WORK INSTRUCTION – Reproduce the entries shown below only from the line with "#989=EDGE_CURVE('',#981,#988,#986,.F.) ;" down to the line with "#2058=LINE('Line',#2055,#2057) ;", keeping both end lines and copying each one exactly.

*** Block opens ***

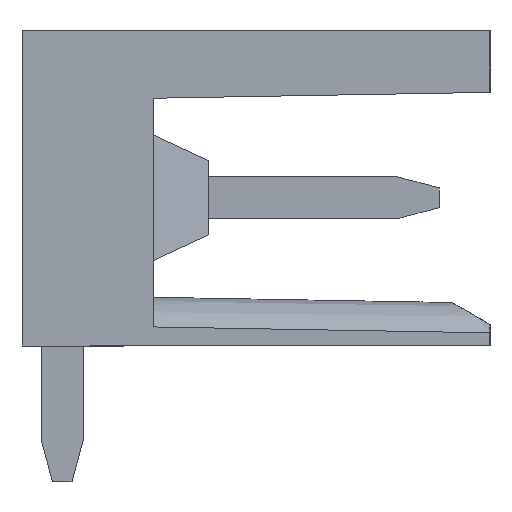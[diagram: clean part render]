
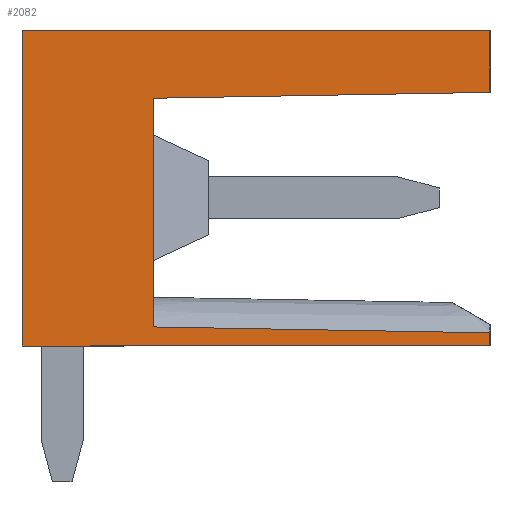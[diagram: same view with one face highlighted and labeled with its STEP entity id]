
A CAD part, left-side view. The second image highlights one B-rep face of the part: STEP entity #2082.
In plain terms, the highlighted planar face has unit normal (-1, 0, 0).
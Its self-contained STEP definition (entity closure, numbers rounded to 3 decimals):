
#2039=AXIS2_PLACEMENT_3D('Plane Axis2P3D',#2036,#2037,#2038) ;
#299=CARTESIAN_POINT('Vertex',(0.,11.05,10.65)) ;
#302=CARTESIAN_POINT('Line Origine',(0.,5.525,10.65)) ;
#306=CARTESIAN_POINT('Vertex',(0.,0.,10.65)) ;
#980=CARTESIAN_POINT('Vertex',(0.,7.95,9.05)) ;
#983=CARTESIAN_POINT('Line Origine',(0.,7.95,6.35)) ;
#987=CARTESIAN_POINT('Vertex',(0.,7.95,3.65)) ;
#1685=CARTESIAN_POINT('Vertex',(0.,11.05,3.2)) ;
#1688=CARTESIAN_POINT('Line Origine',(0.,11.05,6.925)) ;
#2036=CARTESIAN_POINT('Axis2P3D Location',(0.,0.,0.)) ;
#2041=CARTESIAN_POINT('Line Origine',(0.,0.,9.919)) ;
#2045=CARTESIAN_POINT('Vertex',(0.,0.,9.189)) ;
#2048=CARTESIAN_POINT('Line Origine',(0.,5.525,3.2)) ;
#2052=CARTESIAN_POINT('Vertex',(0.,0.,3.2)) ;
#2055=CARTESIAN_POINT('Line Origine',(0.,0.,3.356)) ;
#2059=CARTESIAN_POINT('Vertex',(0.,0.,3.511)) ;
#2062=CARTESIAN_POINT('Line Origine',(0.,3.975,3.581)) ;
#2067=CARTESIAN_POINT('Line Origine',(0.,3.975,9.119)) ;
#303=DIRECTION('Vector Direction',(0.,-1.,0.)) ;
#984=DIRECTION('Vector Direction',(0.,0.,1.)) ;
#1689=DIRECTION('Vector Direction',(0.,0.,1.)) ;
#2037=DIRECTION('Axis2P3D Direction',(-1.,0.,0.)) ;
#2038=DIRECTION('Axis2P3D XDirection',(0.,-1.,0.)) ;
#2042=DIRECTION('Vector Direction',(0.,0.,-1.)) ;
#2049=DIRECTION('Vector Direction',(0.,1.,0.)) ;
#2056=DIRECTION('Vector Direction',(0.,0.,-1.)) ;
#2063=DIRECTION('Vector Direction',(0.,1.,0.017)) ;
#2068=DIRECTION('Vector Direction',(0.,1.,-0.017)) ;
#304=VECTOR('Line Direction',#303,1.) ;
#985=VECTOR('Line Direction',#984,1.) ;
#1690=VECTOR('Line Direction',#1689,1.) ;
#2043=VECTOR('Line Direction',#2042,1.) ;
#2050=VECTOR('Line Direction',#2049,1.) ;
#2057=VECTOR('Line Direction',#2056,1.) ;
#2064=VECTOR('Line Direction',#2063,1.) ;
#2069=VECTOR('Line Direction',#2068,1.) ;
#2073=ORIENTED_EDGE('',*,*,#2047,.T.) ;
#2074=ORIENTED_EDGE('',*,*,#308,.T.) ;
#2075=ORIENTED_EDGE('',*,*,#1692,.T.) ;
#2076=ORIENTED_EDGE('',*,*,#2054,.T.) ;
#2077=ORIENTED_EDGE('',*,*,#2061,.T.) ;
#2078=ORIENTED_EDGE('',*,*,#2066,.F.) ;
#2079=ORIENTED_EDGE('',*,*,#989,.F.) ;
#2080=ORIENTED_EDGE('',*,*,#2071,.F.) ;
#2082=ADVANCED_FACE('HOUSING',(#2081),#2040,.T.) ;
#308=EDGE_CURVE('',#307,#300,#305,.F.) ;
#989=EDGE_CURVE('',#981,#988,#986,.F.) ;
#1692=EDGE_CURVE('',#300,#1686,#1691,.F.) ;
#2047=EDGE_CURVE('',#2046,#307,#2044,.F.) ;
#2054=EDGE_CURVE('',#1686,#2053,#2051,.F.) ;
#2061=EDGE_CURVE('',#2053,#2060,#2058,.F.) ;
#2066=EDGE_CURVE('',#988,#2060,#2065,.F.) ;
#2071=EDGE_CURVE('',#2046,#981,#2070,.T.) ;
#2072=EDGE_LOOP('',(#2073,#2074,#2075,#2076,#2077,#2078,#2079,#2080)) ;
#2081=FACE_OUTER_BOUND('',#2072,.T.) ;
#305=LINE('Line',#302,#304) ;
#986=LINE('Line',#983,#985) ;
#1691=LINE('Line',#1688,#1690) ;
#2044=LINE('Line',#2041,#2043) ;
#2051=LINE('Line',#2048,#2050) ;
#2058=LINE('Line',#2055,#2057) ;
#2065=LINE('Line',#2062,#2064) ;
#2070=LINE('Line',#2067,#2069) ;
#2040=PLANE('',#2039) ;
#300=VERTEX_POINT('',#299) ;
#307=VERTEX_POINT('',#306) ;
#981=VERTEX_POINT('',#980) ;
#988=VERTEX_POINT('',#987) ;
#1686=VERTEX_POINT('',#1685) ;
#2046=VERTEX_POINT('',#2045) ;
#2053=VERTEX_POINT('',#2052) ;
#2060=VERTEX_POINT('',#2059) ;

*** Block closes ***

ANSWER AREA –
#989=EDGE_CURVE('',#981,#988,#986,.F.) ;
#1692=EDGE_CURVE('',#300,#1686,#1691,.F.) ;
#2047=EDGE_CURVE('',#2046,#307,#2044,.F.) ;
#2054=EDGE_CURVE('',#1686,#2053,#2051,.F.) ;
#2061=EDGE_CURVE('',#2053,#2060,#2058,.F.) ;
#2066=EDGE_CURVE('',#988,#2060,#2065,.F.) ;
#2071=EDGE_CURVE('',#2046,#981,#2070,.T.) ;
#2072=EDGE_LOOP('',(#2073,#2074,#2075,#2076,#2077,#2078,#2079,#2080)) ;
#2081=FACE_OUTER_BOUND('',#2072,.T.) ;
#305=LINE('Line',#302,#304) ;
#986=LINE('Line',#983,#985) ;
#1691=LINE('Line',#1688,#1690) ;
#2044=LINE('Line',#2041,#2043) ;
#2051=LINE('Line',#2048,#2050) ;
#2058=LINE('Line',#2055,#2057) ;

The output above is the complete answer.